NICE conducted meetings during 2011 for an appraisal for the therapy at which they considered evidence submitted by a number of organisations such as the British Society of Rheumatologists, British Renal Society, British Association of Dermatologists, Primary Care Rheumatology Society, Royal College of Nursing, Royal College of Physicians, British Health Professionals in Rheumatology and LUPUS UK. During the 2nd meeting Professor David Isenberg (UCL), Dr Liz Lightstone (Hammersmith hospital), Johanna Taylor (Pharmacist, Bolton PCT and NHS Commissioning expert), Jane and Chris from LUPUS UK were interviewed by the Committee following submitting written evidence to the Committee on specific questions. They were all asked to leave before sensitive discussions on the costing of the drug and commercial information was discussed. The drug manufacturers GlaxoSmithKline attended the second meeting:  their contribution was only at the invitation of the Committee chair to clarify specific issues and comment on factual accuracy.

NICE’s Preliminary Response

The preliminary response by NICE is not to recommend belimumab for use within the NHS. They considered the evidence on the nature of active autoantibody-positive SLE and the value placed on the benefits of belimumab by people with the condition, those who represent them and clinical specialists. It also took into account the effective use of NHS resources.
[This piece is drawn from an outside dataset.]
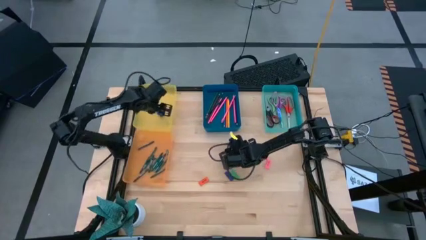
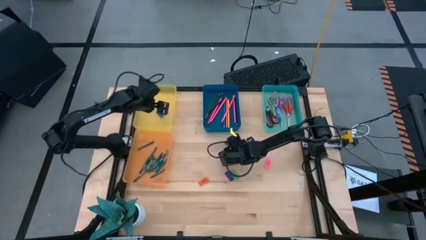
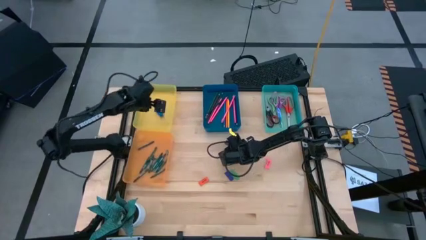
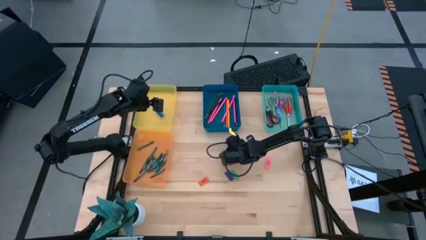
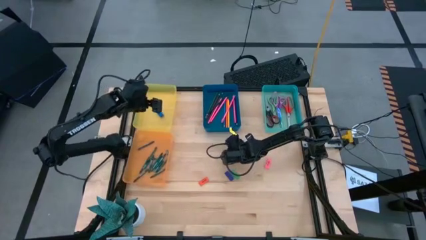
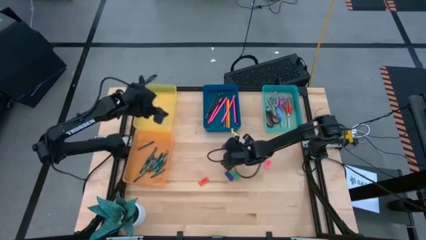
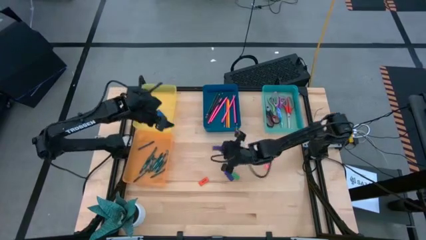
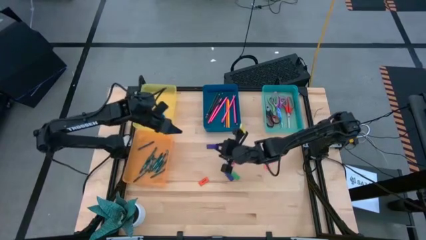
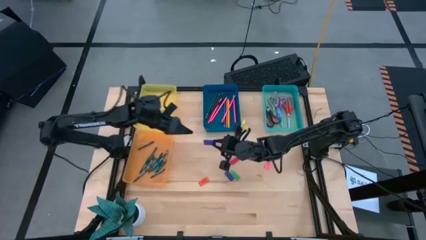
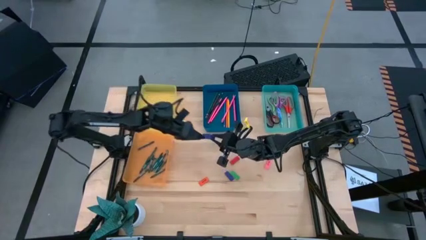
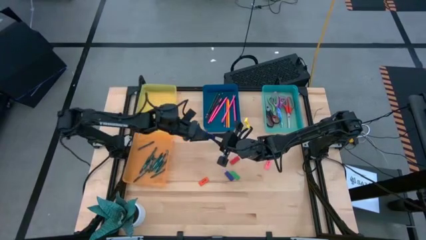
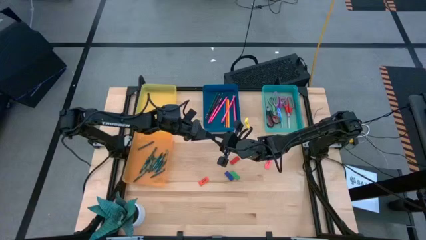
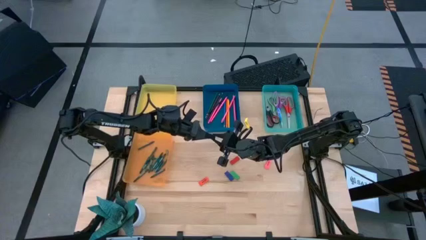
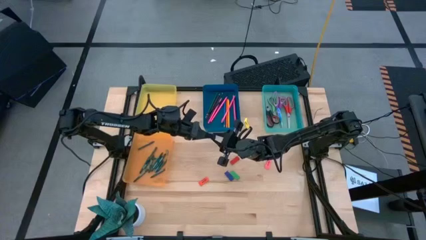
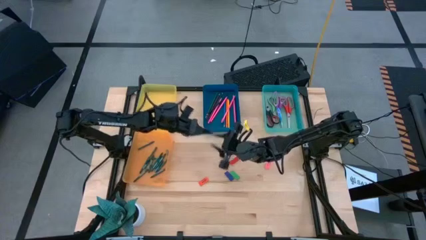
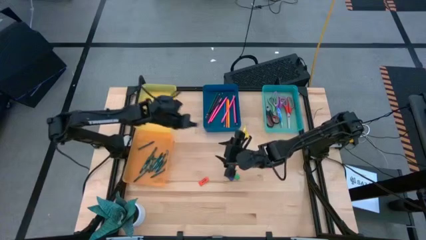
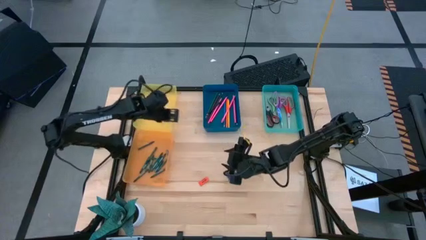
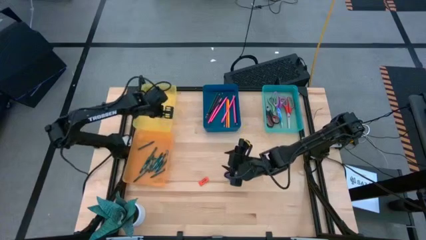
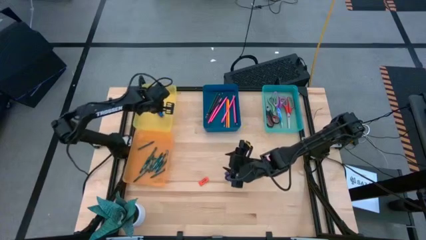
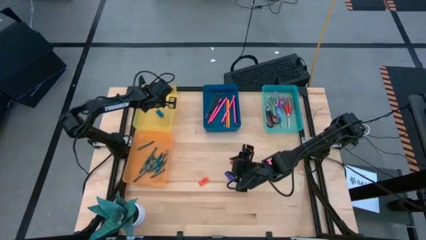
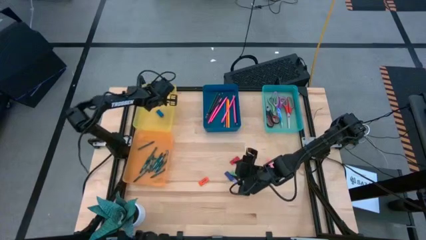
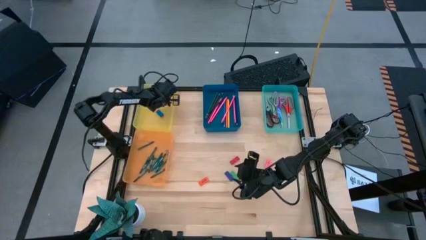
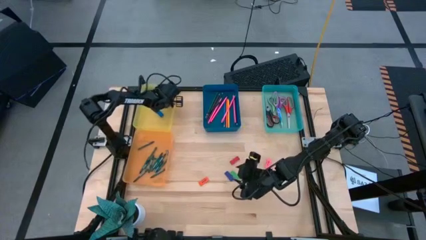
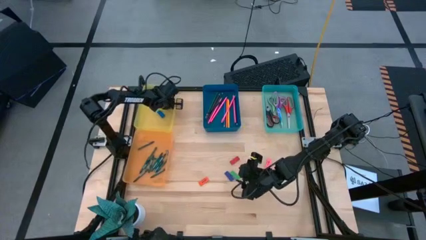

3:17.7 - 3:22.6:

The committee ‘considered the evidence from the clinical trials and concluded that currently the effect of belimumab on the full range of manifestations of SLE was uncertain’. They concluded that ‘there are no reliable data to show the relative efficacy of belimumab compared with rituximab’ and ‘that there was no sound case presented to it on the cost effectiveness of belimumab compared with rituximab’. The committee was aware of a potential equalities issue relating to the lower response rates observed in the clinical trials for the subgroup of black patients, but concluded that its recommendations did not limit access to the technology for any specific group, compared with other groups.

A Public consultation period finished on October 21st. A final decision will be made by NICE at the end of November.

LUPUS UK, the British Society for Rheumatology and other interested parties are going to be appealing for this adverse decision to be reversed.